DuckDB package size
Hey all, wanting to use duckdb for out parquet parsing needs. In our lambda functions. I ran npm install duckdb and it installed without issue. I am also able to successfully parse my parquet files. The problem comes when trying to deploy my lambda stack. When running a deployment, I get the error:
Resource handler returned message: "Unzipped size must be smaller than 262144000 bytes (Service: Lambda, Status Code: 400, Request ID: XXX)" (RequestToken: XXX, HandlerErrorCode: InvalidRequest)

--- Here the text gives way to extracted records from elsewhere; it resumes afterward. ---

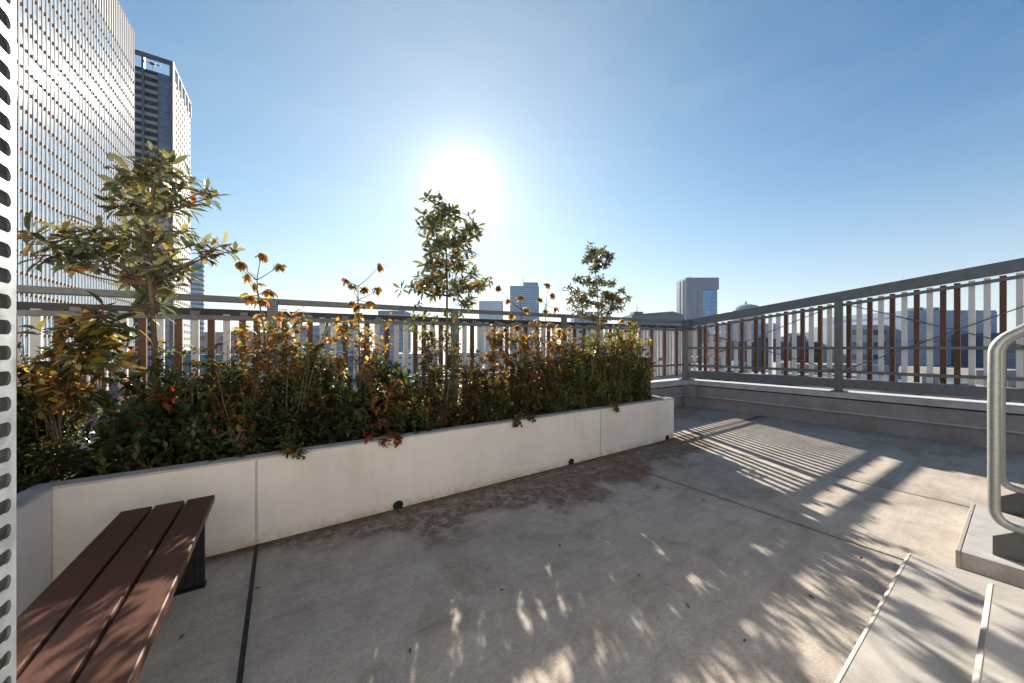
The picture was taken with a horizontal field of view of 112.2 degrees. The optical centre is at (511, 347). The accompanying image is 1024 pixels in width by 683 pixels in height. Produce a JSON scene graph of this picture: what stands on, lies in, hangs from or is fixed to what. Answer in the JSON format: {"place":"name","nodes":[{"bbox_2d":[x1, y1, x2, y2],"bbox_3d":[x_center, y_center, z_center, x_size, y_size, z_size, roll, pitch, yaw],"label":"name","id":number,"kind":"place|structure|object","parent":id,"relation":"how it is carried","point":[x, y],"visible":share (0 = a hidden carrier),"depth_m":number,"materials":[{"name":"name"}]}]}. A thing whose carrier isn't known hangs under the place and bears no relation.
{"place":"outdoors","nodes":[
{"label":"outdoors","id":0,"kind":"place"},
{"bbox_2d":[16,0,134,429],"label":"office tower","id":1,"kind":"structure","parent":0,"point":[75,92],"depth_m":80.49,"materials":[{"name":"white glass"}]},
{"bbox_2d":[190,260,204,350],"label":"round tower","id":2,"kind":"structure","parent":0,"point":[196,287],"depth_m":326.96,"materials":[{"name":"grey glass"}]},
{"bbox_2d":[199,332,290,373],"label":"office block","id":3,"kind":"structure","parent":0,"point":[203,339],"depth_m":120.00,"materials":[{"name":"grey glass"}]},
{"bbox_2d":[300,325,352,394],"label":"glass block","id":4,"kind":"structure","parent":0,"point":[338,344],"depth_m":209.94,"materials":[{"name":"glass"}]},
{"bbox_2d":[378,311,410,370],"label":"office block","id":5,"kind":"structure","parent":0,"point":[391,333],"depth_m":300.00,"materials":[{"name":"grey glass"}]},
{"bbox_2d":[479,301,502,358],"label":"office block","id":6,"kind":"structure","parent":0,"point":[492,305],"depth_m":900.01,"materials":[{"name":"grey glass"}]},
{"bbox_2d":[411,349,608,386],"bbox_3d":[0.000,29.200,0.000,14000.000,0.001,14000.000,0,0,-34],"label":"ground","id":7,"kind":"structure","parent":0,"point":[419,351],"depth_m":1545.47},
{"bbox_2d":[131,346,190,395],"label":"building","id":8,"kind":"structure","parent":7,"relation":"on","point":[170,357],"depth_m":110.50,"materials":[{"name":"grey glass"}]},
{"bbox_2d":[135,49,191,350],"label":"skyscraper","id":9,"kind":"structure","parent":7,"relation":"on","point":[163,111],"depth_m":148.98,"materials":[{"name":"grey glass"}]},
{"bbox_2d":[174,83,189,346],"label":"side windows","id":10,"kind":"structure","parent":9,"relation":"in","point":[174,83],"depth_m":165.68,"materials":[{"name":"glass"}]},
{"bbox_2d":[183,354,264,384],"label":"building","id":11,"kind":"structure","parent":7,"relation":"on","point":[204,360],"depth_m":94.34,"materials":[{"name":"grey glass"}]},
{"bbox_2d":[325,351,351,368],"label":"building","id":12,"kind":"structure","parent":7,"relation":"on","point":[337,353],"depth_m":190.33,"materials":[{"name":"grey glass"}]},
{"bbox_2d":[338,350,383,389],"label":"building","id":13,"kind":"structure","parent":7,"relation":"on","point":[350,363],"depth_m":130.11,"materials":[{"name":"grey glass"}]},
{"bbox_2d":[399,349,420,385],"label":"building","id":14,"kind":"structure","parent":7,"relation":"on","point":[410,360],"depth_m":170.49,"materials":[{"name":"grey glass"}]},
{"bbox_2d":[458,349,476,394],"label":"building","id":15,"kind":"structure","parent":7,"relation":"on","point":[468,355],"depth_m":199.98,"materials":[{"name":"white glass"}]},
{"bbox_2d":[489,349,504,379],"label":"building","id":16,"kind":"structure","parent":7,"relation":"on","point":[497,362],"depth_m":300.71,"materials":[{"name":"grey glass"}]},
{"bbox_2d":[618,311,683,353],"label":"long low building","id":17,"kind":"structure","parent":7,"relation":"on","point":[671,315],"depth_m":230.00,"materials":[{"name":"grey concrete"}]},
{"bbox_2d":[663,362,746,380],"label":"building","id":18,"kind":"structure","parent":7,"relation":"on","point":[672,377],"depth_m":81.73,"materials":[{"name":"grey glass"}]},
{"bbox_2d":[725,361,760,371],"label":"building","id":19,"kind":"structure","parent":7,"relation":"on","point":[752,370],"depth_m":87.89,"materials":[{"name":"grey glass"}]},
{"bbox_2d":[726,362,808,385],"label":"building","id":20,"kind":"structure","parent":7,"relation":"on","point":[782,371],"depth_m":77.10,"materials":[{"name":"grey concrete"}]},
{"bbox_2d":[766,361,826,372],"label":"building","id":21,"kind":"structure","parent":7,"relation":"on","point":[790,364],"depth_m":84.25,"materials":[{"name":"grey concrete"}]},
{"bbox_2d":[808,325,885,364],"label":"apartment block","id":22,"kind":"structure","parent":7,"relation":"on","point":[864,342],"depth_m":100.00,"materials":[{"name":"grey concrete"}]},
{"bbox_2d":[814,365,900,378],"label":"building","id":23,"kind":"structure","parent":7,"relation":"on","point":[886,368],"depth_m":74.12,"materials":[{"name":"grey concrete"}]},
{"bbox_2d":[800,371,919,395],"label":"building","id":24,"kind":"structure","parent":7,"relation":"on","point":[875,377],"depth_m":62.56,"materials":[{"name":"grey concrete"}]},
{"bbox_2d":[823,307,996,371],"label":"hall","id":25,"kind":"structure","parent":7,"relation":"on","point":[950,324],"depth_m":95.00,"materials":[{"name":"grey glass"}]},
{"bbox_2d":[898,379,975,385],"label":"building","id":26,"kind":"structure","parent":7,"relation":"on","point":[952,383],"depth_m":61.17,"materials":[{"name":"grey concrete"}]},
{"bbox_2d":[899,366,1015,380],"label":"building","id":27,"kind":"structure","parent":7,"relation":"on","point":[978,371],"depth_m":75.93,"materials":[{"name":"grey concrete"}]},
{"bbox_2d":[908,372,1023,402],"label":"building","id":28,"kind":"structure","parent":7,"relation":"on","point":[922,380],"depth_m":57.25,"materials":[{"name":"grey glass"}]},
{"bbox_2d":[951,333,1015,368],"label":"office block","id":29,"kind":"structure","parent":7,"relation":"on","point":[1011,359],"depth_m":89.47,"materials":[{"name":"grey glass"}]},
{"bbox_2d":[1007,353,1014,359],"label":"window","id":30,"kind":"structure","parent":29,"relation":"in","point":[1010,356],"depth_m":84.93,"materials":[{"name":"blue glass"}]},
{"bbox_2d":[947,376,1023,388],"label":"building","id":31,"kind":"structure","parent":7,"relation":"on","point":[1011,384],"depth_m":69.87,"materials":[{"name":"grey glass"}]},
{"bbox_3d":[0.108,15.300,-1.553,16.450,27.800,11.300,0,0,-34],"label":"host building","id":32,"kind":"object","parent":7,"relation":"on","visible":0},
{"bbox_2d":[136,406,1023,682],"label":"terrace floor","id":33,"kind":"structure","parent":32,"relation":"on","point":[374,598],"depth_m":1.85,"materials":[{"name":"concrete"}]},
{"bbox_2d":[0,0,15,682],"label":"perforated screen","id":34,"kind":"object","parent":33,"relation":"on","point":[7,341],"visible":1,"depth_m":0.42,"materials":[{"name":"grey metal"}]},
{"bbox_2d":[16,495,214,682],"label":"bench","id":35,"kind":"object","parent":33,"relation":"on","point":[95,611],"visible":0.99,"depth_m":1.05,"materials":[{"name":"brown wood"}]},
{"bbox_2d":[16,395,673,617],"bbox_3d":[0.335,0.933,1.730,6.223,0.533,4.508,0,0,-34],"label":"planter","id":36,"kind":"object","parent":33,"relation":"on","point":[260,498],"visible":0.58,"depth_m":2.28,"materials":[{"name":"white paint"}]},
{"bbox_2d":[16,389,87,483],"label":"shrub","id":37,"kind":"object","parent":36,"relation":"in","point":[21,421],"visible":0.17,"depth_m":1.96,"materials":[{"name":"green plant"}]},
{"bbox_2d":[16,317,95,480],"bbox_3d":[-2.492,0.290,1.888,0.545,0.939,0.274,0,0,35],"label":"autumn shrub","id":38,"kind":"object","parent":36,"relation":"on","point":[49,381],"visible":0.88,"depth_m":1.84,"materials":[{"name":"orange plant"}]},
{"bbox_2d":[16,434,97,491],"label":"shrub","id":39,"kind":"object","parent":36,"relation":"in","point":[25,463],"visible":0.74,"depth_m":1.80,"materials":[{"name":"green plant"}]},
{"bbox_2d":[16,341,98,466],"bbox_3d":[-2.688,0.337,1.961,0.516,0.835,0.461,0,0,23],"label":"shrub","id":40,"kind":"object","parent":36,"relation":"in","point":[26,401],"visible":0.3,"depth_m":1.90,"materials":[{"name":"green plant"}]},
{"bbox_2d":[16,350,115,443],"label":"shrub","id":41,"kind":"object","parent":36,"relation":"on","point":[88,403],"visible":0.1,"depth_m":2.18,"materials":[{"name":"green plant"}]},
{"bbox_2d":[16,290,153,470],"bbox_3d":[-2.358,0.224,1.948,0.492,1.072,0.593,0,0,-34],"label":"tree","id":42,"kind":"object","parent":36,"relation":"on","point":[100,334],"visible":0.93,"depth_m":1.92,"materials":[{"name":"green plant"}]},
{"bbox_2d":[16,140,244,447],"bbox_3d":[-2.297,-0.277,2.108,1.058,2.074,0.497,0,0,-34],"label":"tree","id":43,"kind":"object","parent":36,"relation":"on","point":[153,179],"visible":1,"depth_m":2.13,"materials":[{"name":"green plant"}]},
{"bbox_2d":[92,384,188,446],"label":"shrub","id":44,"kind":"object","parent":36,"relation":"in","point":[115,398],"visible":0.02,"depth_m":2.13,"materials":[{"name":"green plant"}]},
{"bbox_2d":[73,353,231,476],"bbox_3d":[-2.174,0.454,2.144,0.714,0.841,0.673,0,0,23],"label":"shrub","id":45,"kind":"object","parent":36,"relation":"in","point":[131,436],"visible":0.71,"depth_m":2.00,"materials":[{"name":"green plant"}]},
{"bbox_2d":[135,388,222,462],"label":"shrub","id":46,"kind":"object","parent":36,"relation":"in","point":[167,418],"visible":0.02,"depth_m":2.19,"materials":[{"name":"green plant"}]},
{"bbox_2d":[149,336,242,438],"bbox_3d":[-2.067,0.340,2.318,0.544,0.830,0.486,0,0,32],"label":"shrub","id":47,"kind":"object","parent":36,"relation":"in","point":[210,367],"visible":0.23,"depth_m":2.23,"materials":[{"name":"green plant"}]},
{"bbox_2d":[155,367,281,464],"bbox_3d":[-1.931,0.484,2.315,0.668,0.750,0.709,0,0,-18],"label":"shrub","id":48,"kind":"object","parent":36,"relation":"in","point":[187,443],"visible":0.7,"depth_m":2.13,"materials":[{"name":"green plant"}]},
{"bbox_2d":[186,354,263,399],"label":"shrub","id":49,"kind":"object","parent":36,"relation":"in","point":[189,364],"visible":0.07,"depth_m":2.40,"materials":[{"name":"green plant"}]},
{"bbox_2d":[190,361,276,450],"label":"shrub","id":50,"kind":"object","parent":36,"relation":"in","point":[251,400],"visible":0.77,"depth_m":2.22,"materials":[{"name":"green plant"}]},
{"bbox_2d":[227,369,301,450],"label":"shrub","id":51,"kind":"object","parent":36,"relation":"in","point":[277,383],"visible":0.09,"depth_m":2.55,"materials":[{"name":"green plant"}]},
{"bbox_2d":[224,253,313,446],"bbox_3d":[-1.735,0.042,2.474,0.543,1.436,0.437,0,0,-34],"label":"autumn shrub","id":52,"kind":"object","parent":36,"relation":"on","point":[263,365],"visible":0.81,"depth_m":2.43,"materials":[{"name":"yellow plant"}]},
{"bbox_2d":[235,400,335,453],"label":"shrub","id":53,"kind":"object","parent":36,"relation":"in","point":[286,424],"visible":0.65,"depth_m":2.38,"materials":[{"name":"green plant"}]},
{"bbox_2d":[249,319,334,444],"bbox_3d":[-1.602,0.258,2.544,0.467,1.003,0.522,0,0,22],"label":"shrub","id":54,"kind":"object","parent":36,"relation":"in","point":[301,387],"visible":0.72,"depth_m":2.49,"materials":[{"name":"green plant"}]},
{"bbox_2d":[276,439,307,459],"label":"trailing shoot","id":55,"kind":"object","parent":36,"relation":"on","point":[288,449],"visible":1,"depth_m":2.17,"materials":[{"name":"green plant"}]},
{"bbox_2d":[272,341,354,443],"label":"shrub","id":56,"kind":"object","parent":36,"relation":"in","point":[326,375],"visible":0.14,"depth_m":2.75,"materials":[{"name":"green plant"}]},
{"bbox_2d":[305,387,368,441],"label":"shrub","id":57,"kind":"object","parent":36,"relation":"in","point":[328,411],"visible":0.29,"depth_m":2.60,"materials":[{"name":"green plant"}]},
{"bbox_2d":[297,371,393,446],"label":"shrub","id":58,"kind":"object","parent":36,"relation":"in","point":[357,423],"visible":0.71,"depth_m":2.58,"materials":[{"name":"green plant"}]},
{"bbox_2d":[324,263,394,436],"bbox_3d":[-1.216,0.026,2.738,0.540,1.468,0.474,0,0,-34],"label":"autumn shrub","id":59,"kind":"object","parent":36,"relation":"on","point":[365,358],"visible":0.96,"depth_m":2.71,"materials":[{"name":"yellow plant"}]},
{"bbox_2d":[351,348,410,430],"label":"shrub","id":60,"kind":"object","parent":36,"relation":"in","point":[386,373],"visible":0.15,"depth_m":3.04,"materials":[{"name":"green plant"}]},
{"bbox_2d":[364,430,403,447],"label":"trailing shoot","id":61,"kind":"object","parent":36,"relation":"on","point":[396,436],"visible":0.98,"depth_m":2.50,"materials":[{"name":"red plant"}]},
{"bbox_2d":[361,364,437,438],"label":"shrub","id":62,"kind":"object","parent":36,"relation":"in","point":[401,422],"visible":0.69,"depth_m":2.78,"materials":[{"name":"green plant"}]},
{"bbox_2d":[364,375,441,433],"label":"autumn shrub","id":63,"kind":"object","parent":36,"relation":"in","point":[374,399],"visible":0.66,"depth_m":2.70,"materials":[{"name":"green plant"}]},
{"bbox_2d":[396,300,464,428],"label":"shrub","id":64,"kind":"object","parent":36,"relation":"in","point":[434,372],"visible":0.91,"depth_m":3.05,"materials":[{"name":"green plant"}]},
{"bbox_2d":[417,376,458,423],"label":"shrub","id":65,"kind":"object","parent":36,"relation":"in","point":[453,386],"visible":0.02,"depth_m":3.36,"materials":[{"name":"green plant"}]},
{"bbox_2d":[393,189,493,415],"bbox_3d":[-0.585,-0.371,3.321,0.971,2.262,0.745,0,0,-34],"label":"tree","id":66,"kind":"object","parent":36,"relation":"on","point":[433,222],"visible":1,"depth_m":3.27,"materials":[{"name":"green plant"}]},
{"bbox_2d":[415,392,474,431],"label":"shrub","id":67,"kind":"object","parent":36,"relation":"in","point":[458,409],"visible":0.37,"depth_m":3.09,"materials":[{"name":"green plant"}]},
{"bbox_2d":[450,347,499,419],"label":"shrub","id":68,"kind":"object","parent":36,"relation":"in","point":[474,384],"visible":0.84,"depth_m":3.34,"materials":[{"name":"green plant"}]},
{"bbox_2d":[456,364,500,414],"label":"shrub","id":69,"kind":"object","parent":36,"relation":"in","point":[492,383],"visible":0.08,"depth_m":3.52,"materials":[{"name":"green plant"}]},
{"bbox_2d":[455,370,505,417],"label":"shrub","id":70,"kind":"object","parent":36,"relation":"in","point":[486,391],"visible":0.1,"depth_m":3.53,"materials":[{"name":"green plant"}]},
{"bbox_2d":[460,387,517,424],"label":"shrub","id":71,"kind":"object","parent":36,"relation":"in","point":[505,410],"visible":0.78,"depth_m":3.27,"materials":[{"name":"green plant"}]},
{"bbox_2d":[483,285,535,396],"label":"autumn shrub","id":72,"kind":"object","parent":36,"relation":"on","point":[511,343],"visible":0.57,"depth_m":3.76,"materials":[{"name":"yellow plant"}]},
{"bbox_2d":[492,375,546,419],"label":"shrub","id":73,"kind":"object","parent":36,"relation":"in","point":[536,394],"visible":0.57,"depth_m":3.55,"materials":[{"name":"green plant"}]},
{"bbox_2d":[511,412,535,427],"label":"trailing shoot","id":74,"kind":"object","parent":36,"relation":"on","point":[516,419],"visible":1,"depth_m":3.16,"materials":[{"name":"green plant"}]},
{"bbox_2d":[500,338,548,413],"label":"shrub","id":75,"kind":"object","parent":36,"relation":"in","point":[526,367],"visible":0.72,"depth_m":3.60,"materials":[{"name":"green plant"}]},
{"bbox_2d":[507,356,548,414],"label":"shrub","id":76,"kind":"object","parent":36,"relation":"in","point":[537,378],"visible":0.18,"depth_m":3.81,"materials":[{"name":"green plant"}]},
{"bbox_2d":[531,333,575,412],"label":"shrub","id":77,"kind":"object","parent":36,"relation":"in","point":[552,378],"visible":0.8,"depth_m":3.80,"materials":[{"name":"green plant"}]},
{"bbox_2d":[529,381,577,414],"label":"shrub","id":78,"kind":"object","parent":36,"relation":"in","point":[549,405],"visible":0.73,"depth_m":3.71,"materials":[{"name":"green plant"}]},
{"bbox_2d":[530,283,588,399],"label":"autumn shrub","id":79,"kind":"object","parent":36,"relation":"on","point":[561,333],"visible":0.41,"depth_m":4.15,"materials":[{"name":"yellow plant"}]},
{"bbox_2d":[558,345,593,407],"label":"shrub","id":80,"kind":"object","parent":36,"relation":"in","point":[577,376],"visible":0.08,"depth_m":4.29,"materials":[{"name":"green plant"}]},
{"bbox_2d":[559,349,595,405],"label":"shrub","id":81,"kind":"object","parent":36,"relation":"in","point":[576,370],"visible":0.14,"depth_m":4.26,"materials":[{"name":"green plant"}]},
{"bbox_2d":[556,338,608,409],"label":"shrub","id":82,"kind":"object","parent":36,"relation":"in","point":[587,381],"visible":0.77,"depth_m":4.03,"materials":[{"name":"green plant"}]},
{"bbox_2d":[561,241,632,402],"bbox_3d":[1.126,-0.292,4.347,1.375,2.105,0.581,0,0,-34],"label":"tree","id":83,"kind":"object","parent":36,"relation":"on","point":[608,295],"visible":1,"depth_m":4.32,"materials":[{"name":"green plant"}]},
{"bbox_2d":[578,330,617,398],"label":"shrub","id":84,"kind":"object","parent":36,"relation":"in","point":[583,343],"visible":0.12,"depth_m":4.72,"materials":[{"name":"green plant"}]},
{"bbox_2d":[577,347,633,405],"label":"shrub","id":85,"kind":"object","parent":36,"relation":"in","point":[620,398],"visible":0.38,"depth_m":4.29,"materials":[{"name":"green plant"}]},
{"bbox_2d":[584,324,627,403],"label":"shrub","id":86,"kind":"object","parent":36,"relation":"on","point":[606,360],"visible":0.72,"depth_m":4.19,"materials":[{"name":"green plant"}]},
{"bbox_2d":[603,400,619,412],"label":"trailing shoot","id":87,"kind":"object","parent":36,"relation":"on","point":[614,405],"visible":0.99,"depth_m":3.85,"materials":[{"name":"green plant"}]},
{"bbox_2d":[602,320,653,402],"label":"shrub","id":88,"kind":"object","parent":36,"relation":"in","point":[639,360],"visible":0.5,"depth_m":4.47,"materials":[{"name":"green plant"}]},
{"bbox_2d":[617,364,647,401],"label":"shrub","id":89,"kind":"object","parent":36,"relation":"in","point":[636,380],"visible":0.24,"depth_m":4.53,"materials":[{"name":"green plant"}]},
{"bbox_2d":[606,319,662,386],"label":"autumn shrub","id":90,"kind":"object","parent":36,"relation":"on","point":[625,330],"visible":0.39,"depth_m":4.58,"materials":[{"name":"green plant"}]},
{"bbox_2d":[628,386,652,401],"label":"shrub","id":91,"kind":"object","parent":36,"relation":"in","point":[647,394],"visible":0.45,"depth_m":4.53,"materials":[{"name":"green plant"}]},
{"bbox_2d":[640,357,650,400],"bbox_3d":[1.849,0.430,4.767,0.100,0.600,0.100,0,0,-34],"label":"post","id":92,"kind":"object","parent":36,"relation":"on","point":[647,386],"visible":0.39,"depth_m":4.74,"materials":[{"name":"black paint"}]},
{"bbox_2d":[71,378,1023,452],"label":"parapet wall","id":93,"kind":"structure","parent":33,"relation":"on","point":[958,421],"depth_m":5.04,"materials":[{"name":"grey concrete"}]},
{"bbox_2d":[16,285,682,424],"bbox_3d":[-0.651,0.042,4.464,10.490,1.253,0.240,0,0,-34],"label":"slat fence","id":94,"kind":"object","parent":93,"relation":"on","point":[669,346],"visible":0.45,"depth_m":3.61,"materials":[{"name":"grey metal"}]},
{"bbox_2d":[678,258,1023,400],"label":"slat fence","id":95,"kind":"object","parent":93,"relation":"on","point":[838,383],"visible":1,"depth_m":5.05,"materials":[{"name":"grey metal"}]},
{"bbox_2d":[236,440,969,682],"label":"floor joints","id":96,"kind":"object","parent":33,"relation":"on","point":[239,679],"depth_m":1.63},
{"bbox_2d":[834,553,1023,682],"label":"concrete step","id":97,"kind":"object","parent":33,"relation":"on","point":[923,625],"visible":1,"depth_m":1.34,"materials":[{"name":"grey concrete"}]},
{"bbox_2d":[972,583,1023,682],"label":"concrete step","id":98,"kind":"object","parent":97,"relation":"on","point":[999,658],"visible":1,"depth_m":1.18,"materials":[{"name":"grey concrete"}]},
{"bbox_2d":[955,503,1023,588],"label":"stair landing","id":99,"kind":"object","parent":33,"relation":"on","point":[974,547],"visible":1,"depth_m":1.88,"materials":[{"name":"concrete"}]},
{"bbox_2d":[993,493,1023,562],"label":"steel stair","id":100,"kind":"object","parent":99,"relation":"on","point":[1010,545],"visible":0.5,"depth_m":1.82,"materials":[{"name":"metal"}]},
{"bbox_2d":[987,323,1023,534],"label":"handrail","id":101,"kind":"object","parent":100,"relation":"attached to","point":[997,344],"visible":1,"depth_m":1.83,"materials":[{"name":"metal"}]},
{"bbox_2d":[1001,334,1023,493],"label":"handrail","id":102,"kind":"object","parent":100,"relation":"attached to","point":[1006,483],"visible":0.56,"depth_m":2.31,"materials":[{"name":"metal"}]},
{"bbox_2d":[510,279,538,361],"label":"office block","id":103,"kind":"structure","parent":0,"point":[529,291],"depth_m":700.01,"materials":[{"name":"blue glass"}]},
{"bbox_2d":[117,0,1023,349],"label":"sky","id":104,"kind":"structure","parent":0,"point":[776,151],"materials":[{"name":"blue"}]},
{"bbox_2d":[571,312,602,349],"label":"office block","id":105,"kind":"structure","parent":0,"point":[580,320],"depth_m":420.01,"materials":[{"name":"grey glass"}]},
{"bbox_2d":[676,278,718,355],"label":"slab tower","id":106,"kind":"structure","parent":0,"point":[696,297],"depth_m":380.01,"materials":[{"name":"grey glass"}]},
{"bbox_2d":[702,323,775,342],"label":"glass block","id":107,"kind":"structure","parent":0,"point":[759,330],"depth_m":190.00,"materials":[{"name":"glass"}]},
{"bbox_2d":[728,301,764,322],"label":"domed building","id":108,"kind":"structure","parent":0,"point":[742,307],"depth_m":584.76,"materials":[{"name":"metal"}]},
{"bbox_2d":[702,336,817,366],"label":"dark block","id":109,"kind":"structure","parent":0,"point":[790,351],"depth_m":110.00,"materials":[{"name":"grey glass"}]},
{"bbox_2d":[797,362,866,370],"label":"building","id":110,"kind":"structure","parent":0,"point":[864,367],"depth_m":88.75,"materials":[{"name":"white glass"}]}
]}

When running du node_modules/duckdb, I can see that the package is 284400 KB, so 284.4 MB. This is way too big for any lambda to deploy with serverless. Is this the expected size of the duckdb package? If so, are there workarounds for this package size that duckdb can support?
I spawned a EC2 instance:
[ec2-user@ip-172-31-91-131 ~]$ sudo yum install npm
[ec2-user@ip-172-31-91-131 ~]$ npm install duckdb
[ec2-user@ip-172-31-91-131 ~]$ du -sh node_modules/duckdb/
113M node_modules/duckdb/
of
[ec2-user@ip-172-31-91-131 ~]$ du -sh node_modules/duckdb/*
4.0K node_modules/duckdb/LICENSE
4.0K node_modules/duckdb/Makefile
4.0K node_modules/duckdb/README.md
24K node_modules/duckdb/binding.gyp
4.0K node_modules/duckdb/binding.gyp.in
4.0K node_modules/duckdb/duckdb.js
53M node_modules/duckdb/lib
4.0K node_modules/duckdb/package.json
16K node_modules/duckdb/scripts
60M node_modules/duckdb/src
712K node_modules/duckdb/test
4.0K node_modules/duckdb/tsconfig.json
4.0K node_modules/duckdb/vendor
8.0K node_modules/duckdb/vendor.py
Of those the src folder is optional, can be removed and package will still be functional.
Can you share how did you got to 284.4 MB? Possibly building from source?
@sean-legitscript you can try to use the DuckDB Lambda Node Layer I maintain: https://github.com/tobilg/duckdb-nodejs-layer. Also, the "normal" DuckDB package should only work on Node 20 runtimes, because every runtime below uses Amazon Linux 2 which has GLIBC incompatibilities with the pre-compiled packages...
@carlopi I think the src/ and test/ directories could be removed before publishing (e.g. via .npmignore), right? They are not for the package to function IMO, only what's in lib/
Any updates eventually regarding my last comment @carlopi? Thanks!